Find A’s solo time: A and B together can finish a piece of work in 12 days, while B alone can do it in 30 days. In how many days can A alone complete the entire work?
Correct Answer: 20 days
Introduction / Context: We are given the combined time and one individual time. Subtract B’s rate from the joint rate to get A’s rate, then invert to obtain A’s solo time to finish the full work.
Given Data / Assumptions:
- Together time (A + B) = 12 days ⇒ joint rate = 1/12.
- B alone time = 30 days ⇒ B’s rate = 1/30.
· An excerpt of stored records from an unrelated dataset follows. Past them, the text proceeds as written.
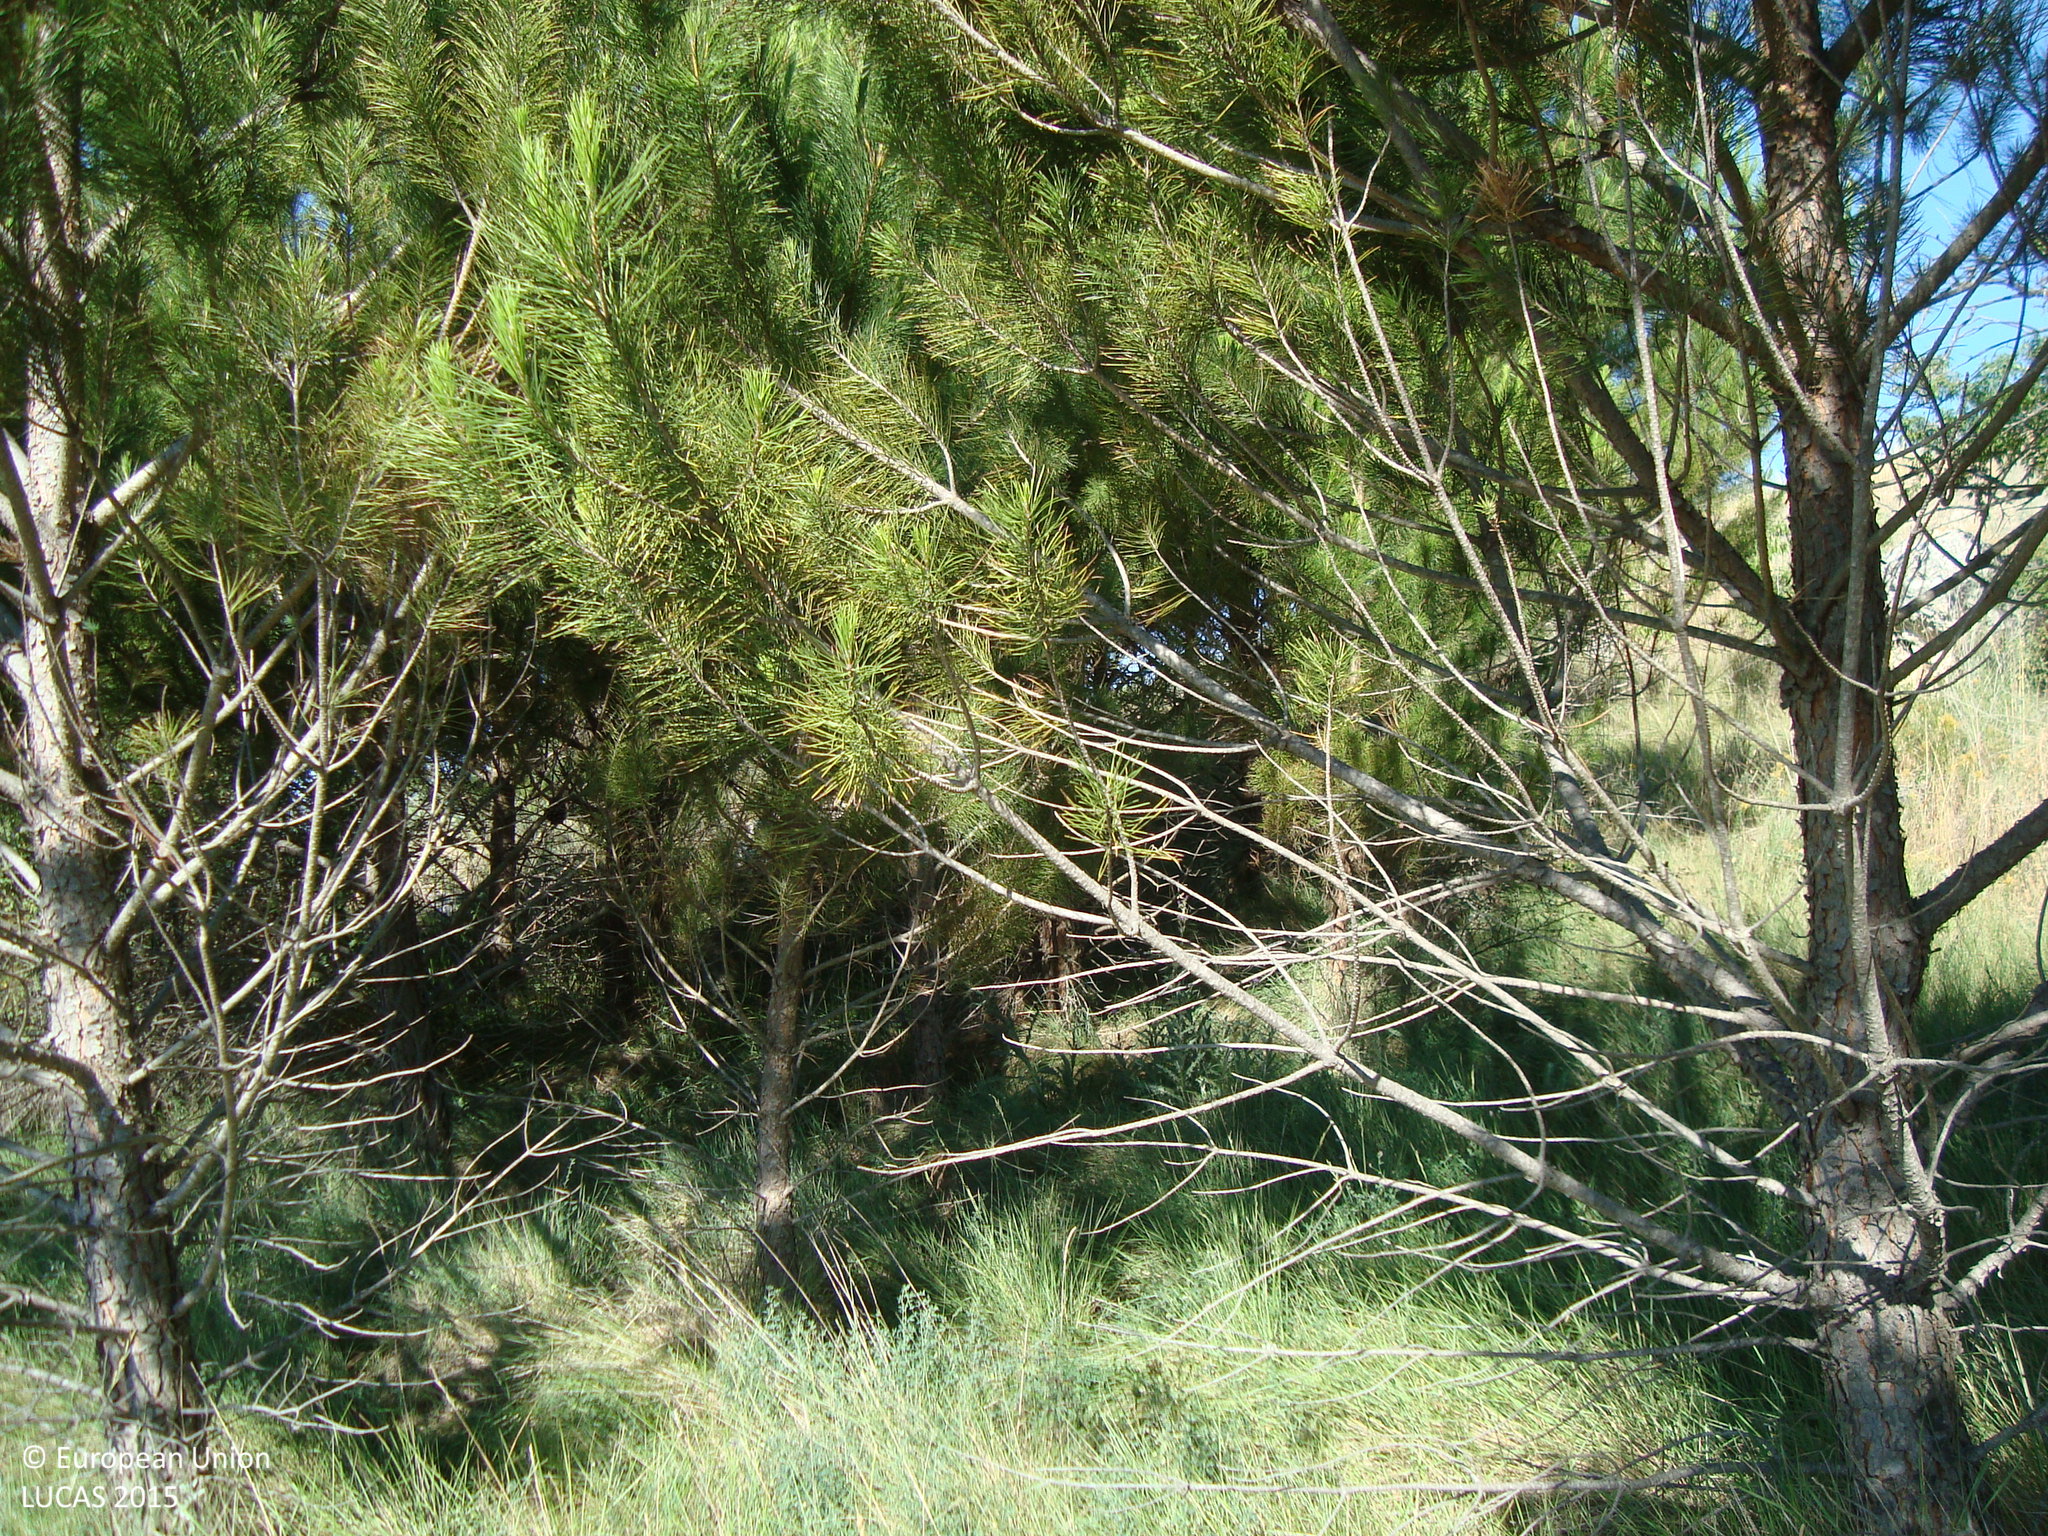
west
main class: Woodland
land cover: Pine dominated coniferous woodland
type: coniferous forest of the mediterranean region
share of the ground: 50 - 75 %
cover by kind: coniferous forest trees 60 %, shrubs 20 %, herbaceous plants 10 %, unconsolidated bare surface 10 %
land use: Forestry
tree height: > 5 m
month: July
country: ES
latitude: 41.6303
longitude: -4.0661

- Work is uniform; total work = 1 job.
Concept / Approach: A’s rate = (joint rate − B’s rate). A’s time = 1 / (A’s rate).
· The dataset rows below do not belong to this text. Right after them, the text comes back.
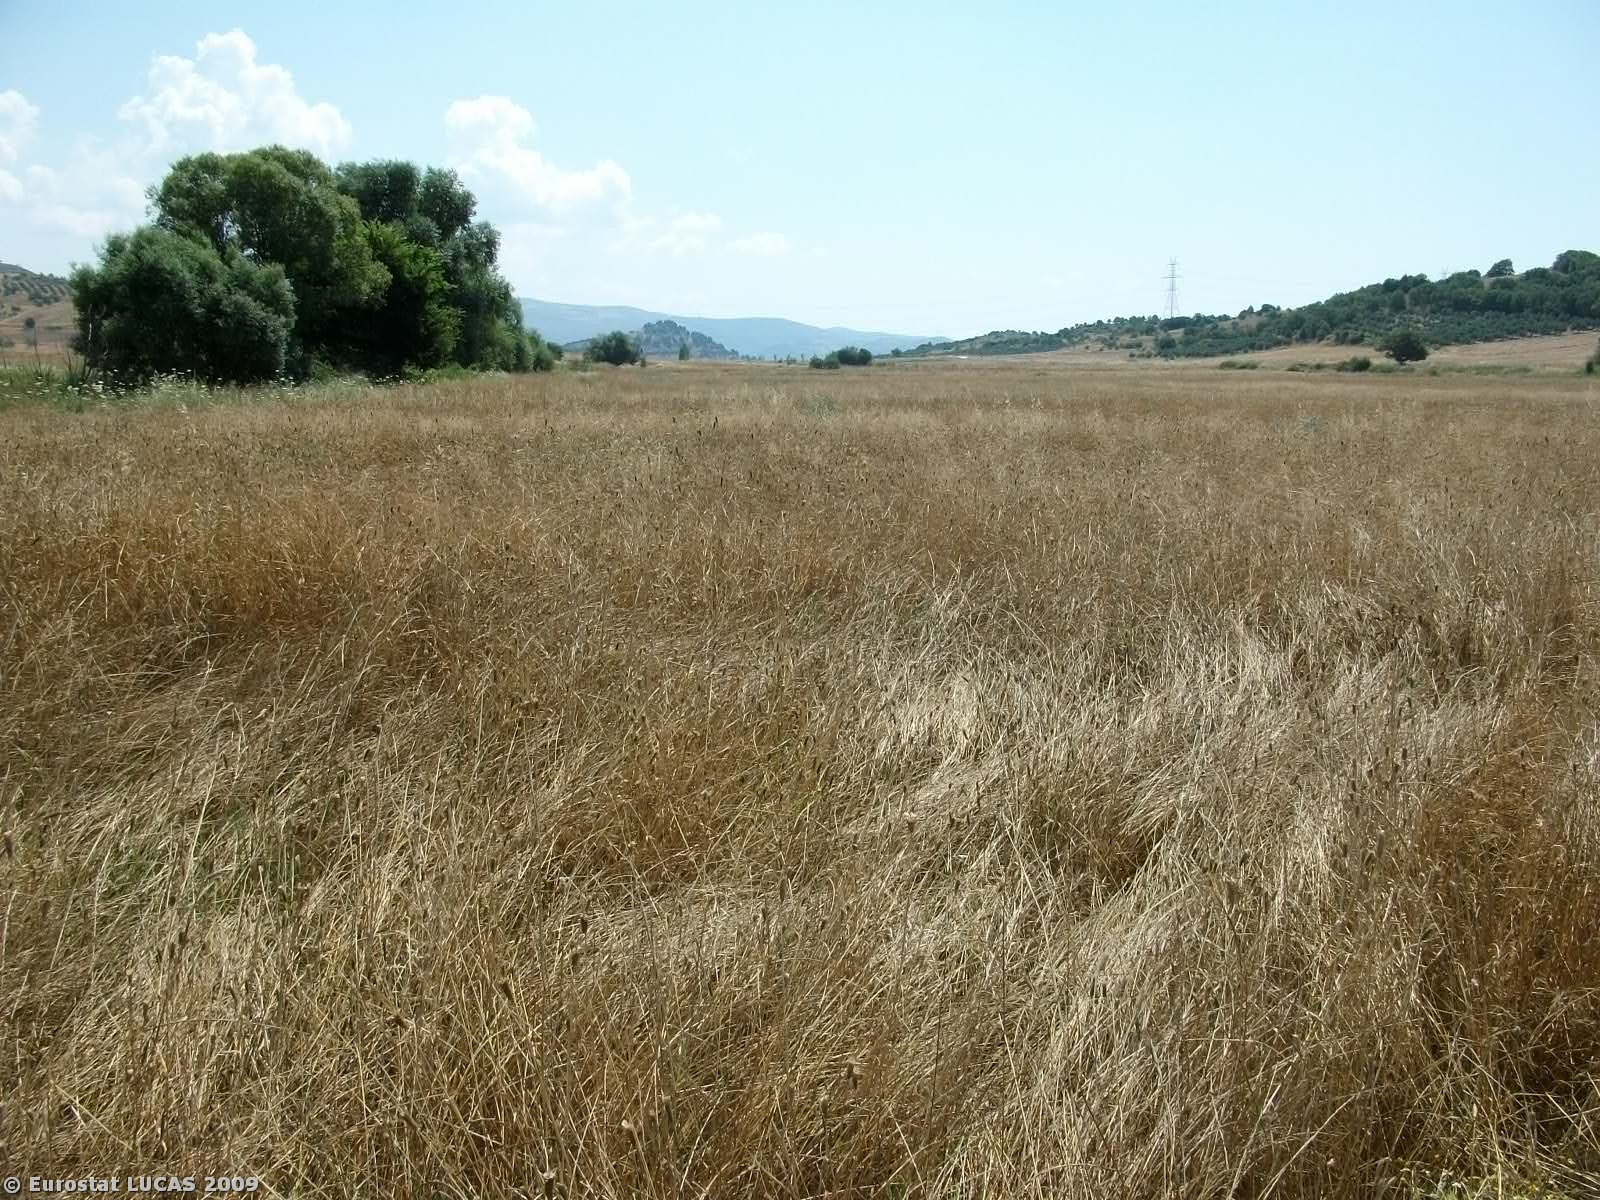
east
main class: Cropland
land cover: Common wheat
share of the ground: > 75 %
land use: Agriculture (excluding fallow land and kitchen gardens)
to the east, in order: Common wheat; Shruby margins; Ditches and canals; Shruby margins; Common wheat; Grass margins; Paved roads, cycling and walking lanes; Shruby margins; Ditches and canals; Common wheat
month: July
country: GR
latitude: 39.6743
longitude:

Step-by-Step Solution: Joint rate = 1/12; B’s rate = 1/30. A’s rate = 1/12 − 1/30 = (5 − 2)/60 = 3/60 = 1/20. Hence, A’s time = 20 days.
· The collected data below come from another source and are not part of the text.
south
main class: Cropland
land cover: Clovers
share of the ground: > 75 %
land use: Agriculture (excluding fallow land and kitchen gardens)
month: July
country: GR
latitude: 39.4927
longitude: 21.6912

Verification / Alternative check: Combined check: 1/20 + 1/30 = (3 + 2)/60 = 5/60 = 1/12, which is consistent with the given joint time.
Why Other Options Are Wrong: 15, 18, 25 days do not satisfy the rate equation when combined with 30 days for B.
Common Pitfalls: Averaging 12 and 30 to estimate A’s time. The correct method is to use rates and subtraction.
Final Answer: 20 days